## Task goal
Please return each entry exactly as it appears, but not the pictures.

## Information
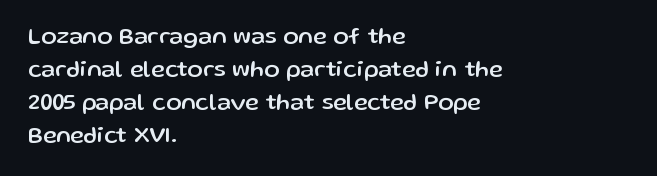
Q: Is the text italic (slanted)? A: No, it is upright.
Q: Is the text underlined? A: No.
Q: How is the paragraph aligned? A: Left-aligned.
Q: Is the spacing between letters normal or unusually wide? A: Normal.
Q: Is the spacing between lines tight, normal or loose? A: Normal.
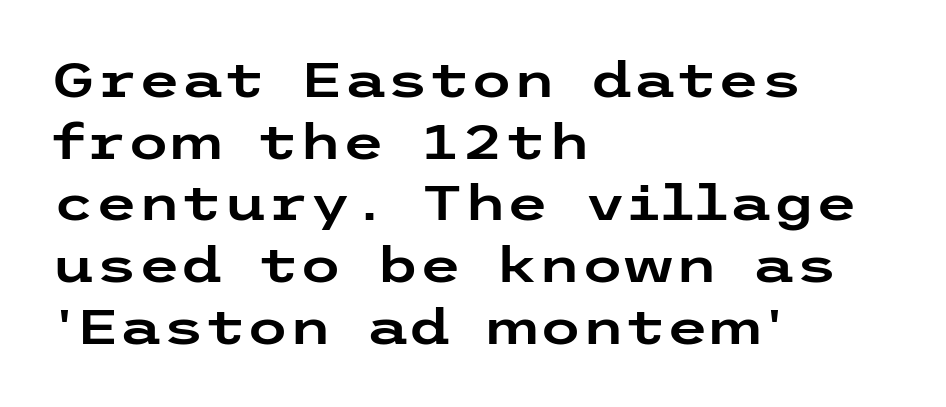
Q: Is the text italic (slanted)? A: No, it is upright.
Q: Is the typeface a serif or a sans-serif typeface? A: Sans-serif.
Q: Is the text underlined? A: No.
Q: How is the paragraph aligned? A: Left-aligned.
Q: Is the spacing between letters normal or unusually wide? A: Normal.
Q: Is the spacing between lines tight, normal or loose? A: Normal.
Q: Width (condensed, normal, or wide)? A: Wide.
Q: Stroke contrast? A: Low.
Q: x-height? A: Medium.
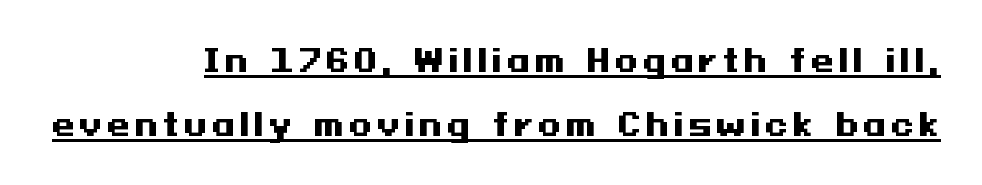
{"serif": "no", "italic": "no", "bold": "yes", "weight": "heavy", "width": "wide", "stroke_contrast": "medium", "x_height": "medium", "underline": "yes", "align": "right", "line_spacing": "loose", "line_spacing_ratio": 2.12, "glyph_px": 30}
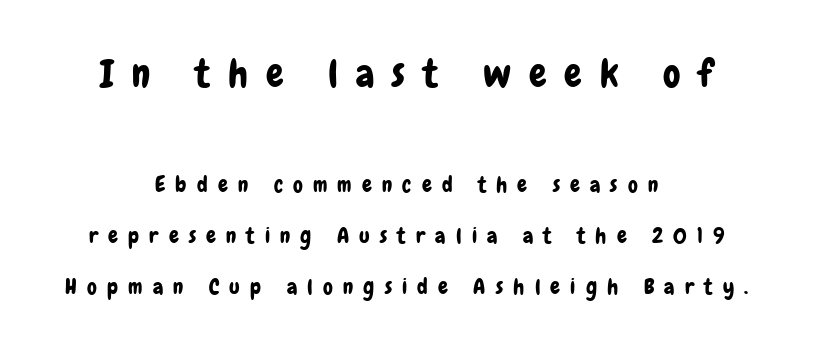
Q: Is the text italic (slanted)? A: No, it is upright.
Q: Is the typeface a serif or a sans-serif typeface? A: Sans-serif.
Q: Is the text underlined? A: No.
Q: How is the paragraph aligned? A: Centered.
Q: Is the spacing between letters normal or unusually wide? A: Unusually wide.
Q: Is the spacing between lines tight, normal or loose? A: Loose.
Q: Which block of text is set in a larger size, the first (top) or the second (bottom)? A: The first (top) one.
Q: Width (condensed, normal, or wide)? A: Condensed.
Q: Stroke contrast? A: Low.
Q: x-height? A: Medium.
Q: Monospaced? A: No.

## Written answer
Q: Is the text italic (slanted)? A: No, it is upright.
Q: Is the text underlined? A: No.
Q: How is the paragraph aligned? A: Left-aligned.
Q: Is the spacing between letters normal or unusually wide? A: Normal.
Q: Is the spacing between lines tight, normal or loose? A: Normal.
Q: Is the text italic (slanted)? A: No, it is upright.
Q: Is the typeface a serif or a sans-serif typeface? A: Sans-serif.
Q: Is the text underlined? A: No.
Q: How is the paragraph aligned? A: Left-aligned.
Q: Is the spacing between letters normal or unusually wide? A: Normal.
Q: Is the spacing between lines tight, normal or loose? A: Normal.
Q: Width (condensed, normal, or wide)? A: Wide.
Q: Stroke contrast? A: Low.
Q: x-height? A: Medium.
{"serif": "no", "italic": "no", "bold": "yes", "weight": "heavy", "width": "wide", "stroke_contrast": "medium", "x_height": "medium", "underline": "yes", "align": "right", "line_spacing": "loose", "line_spacing_ratio": 2.12, "glyph_px": 30}
Q: Is the text italic (slanted)? A: No, it is upright.
Q: Is the typeface a serif or a sans-serif typeface? A: Sans-serif.
Q: Is the text underlined? A: No.
Q: How is the paragraph aligned? A: Centered.
Q: Is the spacing between letters normal or unusually wide? A: Unusually wide.
Q: Is the spacing between lines tight, normal or loose? A: Loose.
Q: Which block of text is set in a larger size, the first (top) or the second (bottom)? A: The first (top) one.
Q: Width (condensed, normal, or wide)? A: Condensed.
Q: Stroke contrast? A: Low.
Q: x-height? A: Medium.
Q: Monospaced? A: No.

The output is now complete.